CAMPUS
Hurra, ich lebe noch!
HU-Psychologe Benedikt Reuter gibt Tipps gegen Flugangst
Der Sitz ist eingenommen, der Sicherheitsgurt angelegt. Doch die Hände umgreifen verkrampft die Armlehnen. Was hat dieses merkwürdige Rauschen zu bedeuten? Warum eilt die Stewardess mit besorgter Miene ins Cockpit? Und dann noch dieser Mittelsitz – da kommt man doch überhaupt nicht raus, wenn etwas passiert!

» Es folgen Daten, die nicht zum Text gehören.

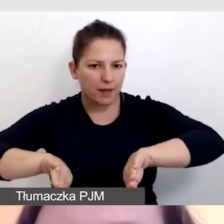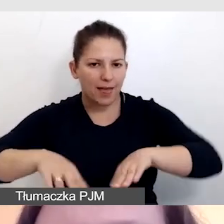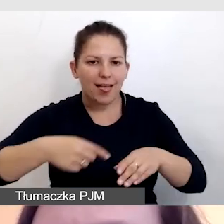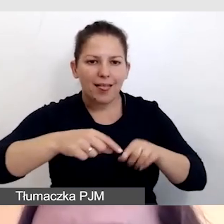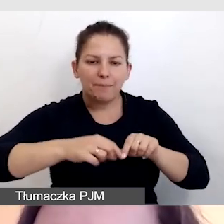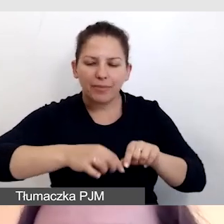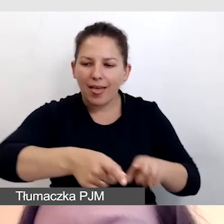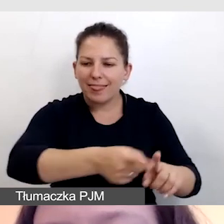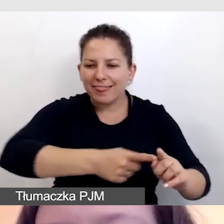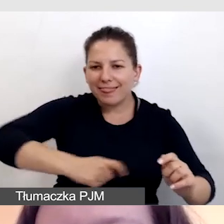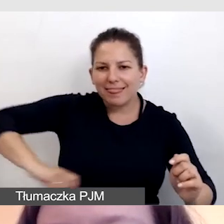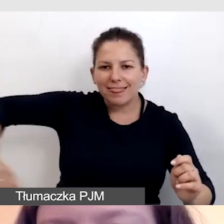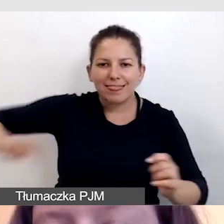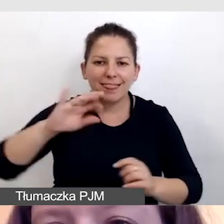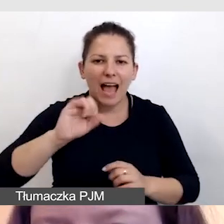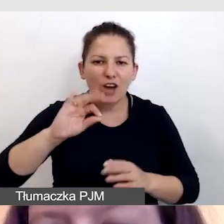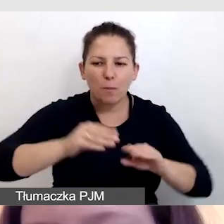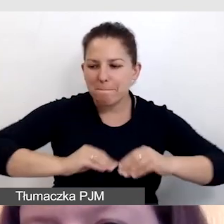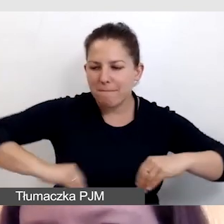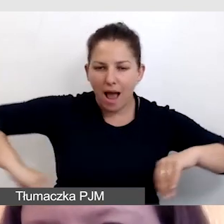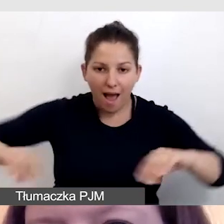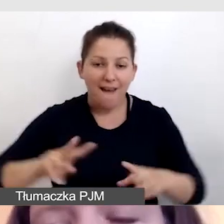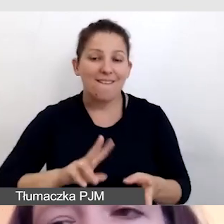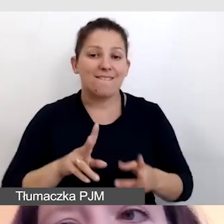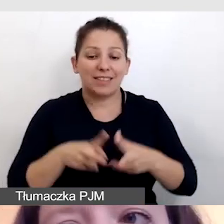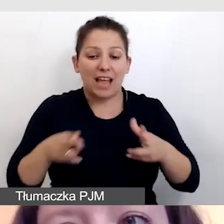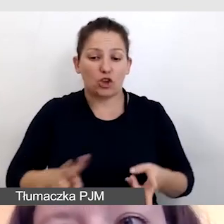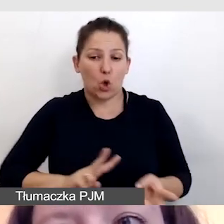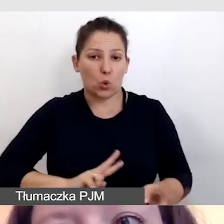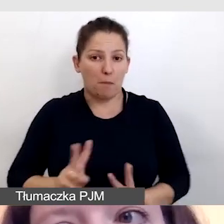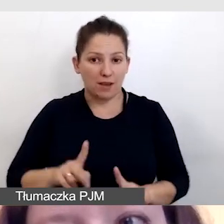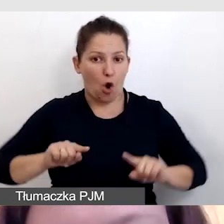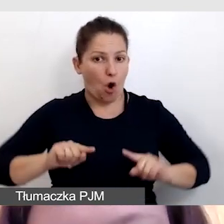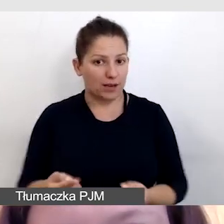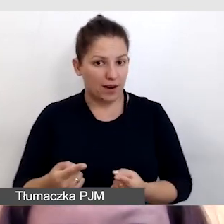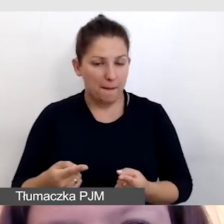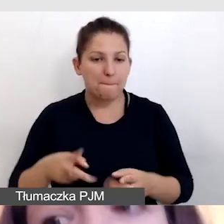To bardzo ważne, by w czasie tłumaczenia, które organizujemy podczas wydarzenia,

Viele Menschen kennen solche Gedanken. Laut einer Befragung des Instituts für Demoskopie Allensbach leiden etwa 15 Prozent aller Menschen unter Flugangst. Manche reagieren darauf, indem sie einfach nie fliegen; andere hingegen, die beruflich mobil sein müssen, betreten regelmäßig mit weichen Knien, flauem Magen und feuchten Händen die Kabine. „Die Flugangst zählt zu den spezifischen Phobien“, erklärt Benedikt Reuter, Psychologischer Psychotherapeut und wissenschaftlicher Mitarbeiter der Hochschulambulanz des Instituts für Psychologie der Humboldt-Universität. Sie kann aber auch als Teil einer Agoraphobie auftreten. Unter Agoraphobie verstehen die Fachleute eine starke Angst vor Orten und Situationen, in denen Flucht schwer möglich ist – beispielsweise Aufzug oder eben Flugzeug.

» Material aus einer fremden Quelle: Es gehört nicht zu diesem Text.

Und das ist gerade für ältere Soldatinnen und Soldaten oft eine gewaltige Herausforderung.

Vermeidungsstrategien lösen das Problem nicht
In Internetforen und Zeitungsartikeln finden sich zahlreiche Tipps für von Flugangst geplagte Zeitgenossen. So wird etwa empfohlen, einen Gangplatz zu wählen, sich mit Hörbüchern abzulenken oder das Kabinenpersonal vorab über seine Angst zu informieren. Alle diese Maßnahmen können durchaus dazu beitragen, mit der Flugangst umzugehen, sagt Benedikt Reuter. Das eigentliche Problem lösen sie nach seinen Worten jedoch nicht. „Denn es handelt sich um Vermeidungsstrategien, die eingesetzt werden, um sich nicht mit seiner Angst zu konfrontieren.“
Angst aushalten lernen
Hilft es denn, sich mit den Fakten rund ums Fliegen vertraut zu machen und beispielsweise zu erfahren, dass ein Flugzeug selbst in schweren Turbulenzen nicht abstürzt? „Die rationale Ebene ist eine wichtige Voraussetzung, um die Angst zu bewältigen“, sagt Reuter dazu. „Aber in der Regel reicht es nicht, sich mit den Fakten auseinanderzusetzen.“ Vielmehr müssen Betroffene einen entscheidenden Schritt weitergehen und das Problem an der Wurzel packen: „Sie müssen die gefürchtete Situation aufsuchen und die Angst aushalten lernen“, erklärt Reuter. Dann nämlich stellt der Patient fest, dass das befürchtete Ereignis – also etwa der Flugzeugabsturz – gar nicht eintritt und die Angstsymptome auch ohne Vermeidungsstrategien abklingen.
Als „Exposition in vivo“ bezeichnet die Verhaltenstherapie diesen Ansatz. Eine andere Möglichkeit ist die „Exposition in sensu“, bei der die gefürchtete Situation lediglich in Gedanken aufgesucht wird. „Das Training im Flugsimulator zeitigt durchaus Erfolge“, sagt Reuter. „Noch wirkungsvoller ist es aber, unter professioneller Anleitung real zu fliegen.“ Diese Möglichkeit bietet die Lufthansa mit Wochenendseminaren, auf deren Programm auch ein innerdeutscher Hin- und Rückflug steht. In Berlin bekommen Betroffene beispielsweise beim Zentrum für Psychotherapie der Humboldt-Universität verhaltenstherapeutische Hilfe.